### What is expected
This calls for a word-for-word copy of all the data, with each picture removed.

### Records provided
----

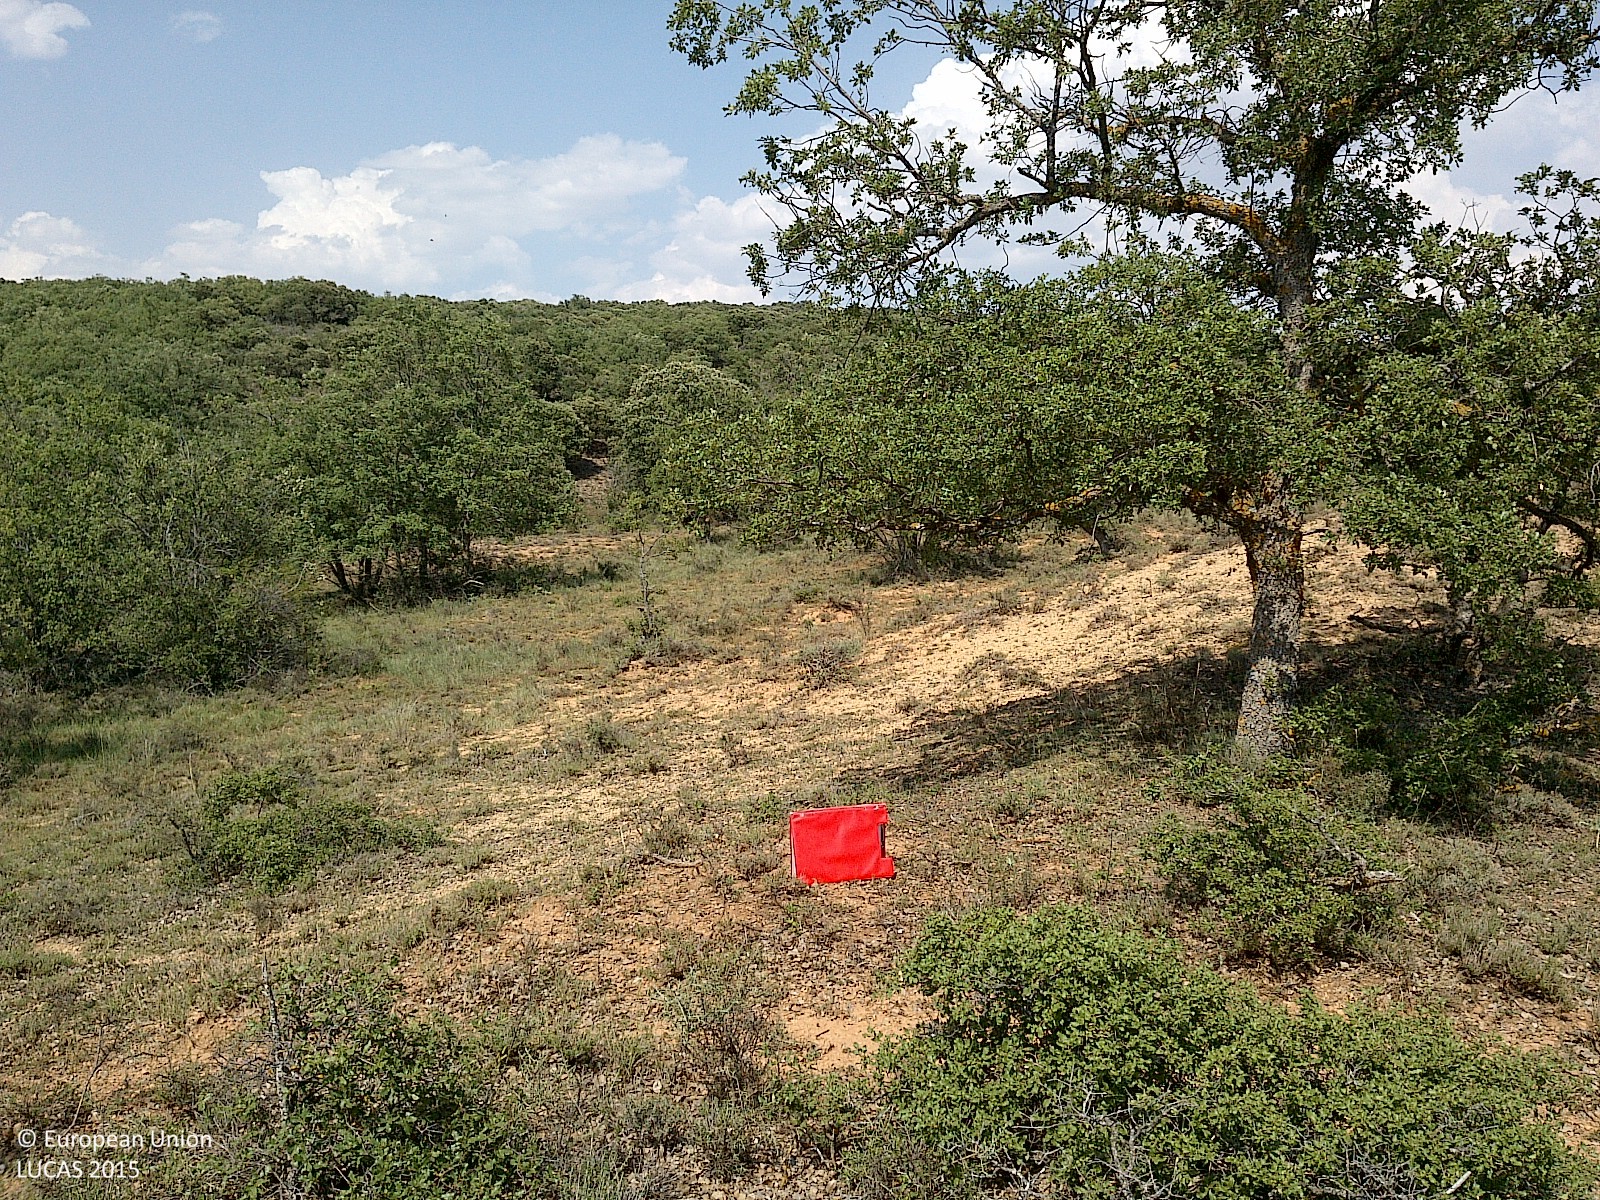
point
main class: Woodland
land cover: Broadleaved woodland
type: broadleaved evergreen forest
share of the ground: 25 - 50 %
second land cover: Grassland without tree/shrub cover
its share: 50 - 75 %
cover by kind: herbaceous plants 50 %, broadleaved forest trees 30 %, shrubs 10 %, unconsolidated bare surface 10 %
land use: Forestry
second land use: Agriculture (excluding fallow land and kitchen gardens)
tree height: < 5 m
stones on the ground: < 10 %
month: June
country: ES
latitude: 41.5426
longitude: -2.2483
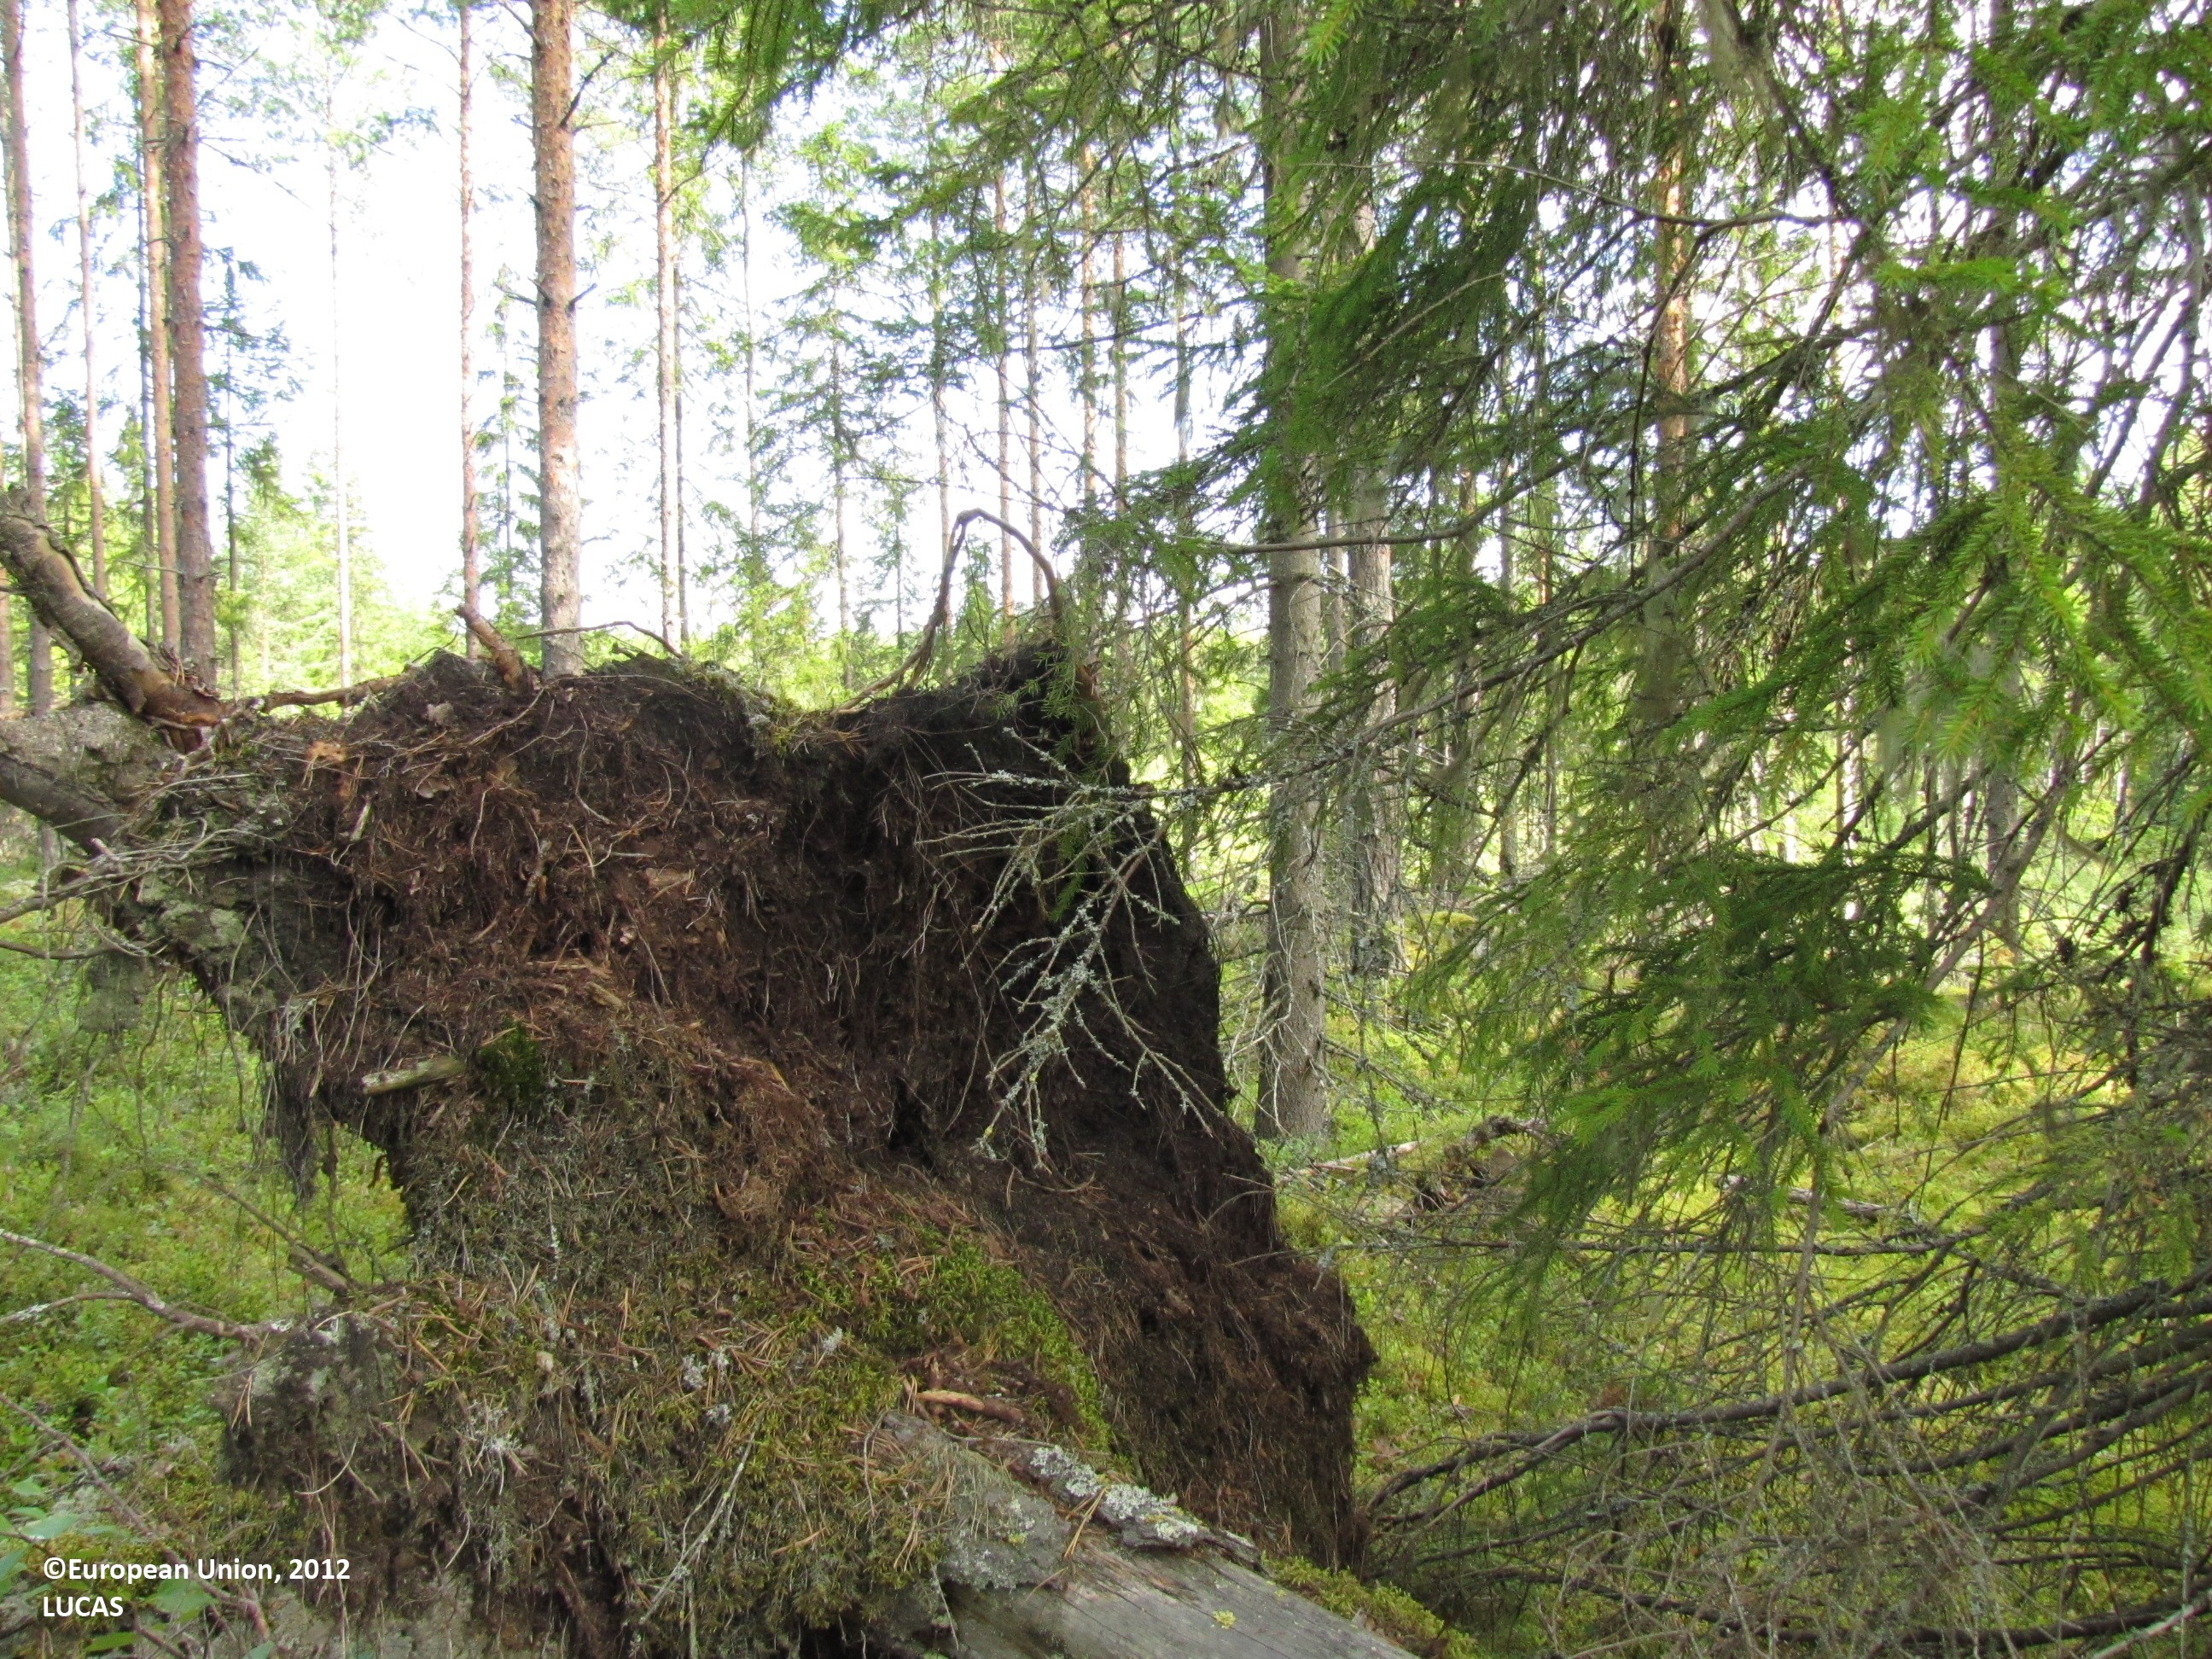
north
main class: Woodland
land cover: Other coniferous woodland
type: boreal forest
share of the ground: 50 - 75 %
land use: Forestry
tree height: > 5 m
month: August
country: FI
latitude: 61.8062
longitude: 23.2208

----

### Result for this exercise
point
main class: Woodland
land cover: Broadleaved woodland
type: broadleaved evergreen forest
share of the ground: 25 - 50 %
second land cover: Grassland without tree/shrub cover
its share: 50 - 75 %
cover by kind: herbaceous plants 50 %, broadleaved forest trees 30 %, shrubs 10 %, unconsolidated bare surface 10 %
land use: Forestry
second land use: Agriculture (excluding fallow land and kitchen gardens)
tree height: < 5 m
stones on the ground: < 10 %
month: June
country: ES
latitude: 41.5426
longitude: -2.2483
north
main class: Woodland
land cover: Other coniferous woodland
type: boreal forest
share of the ground: 50 - 75 %
land use: Forestry
tree height: > 5 m
month: August
country: FI
latitude: 61.8062
longitude: 23.2208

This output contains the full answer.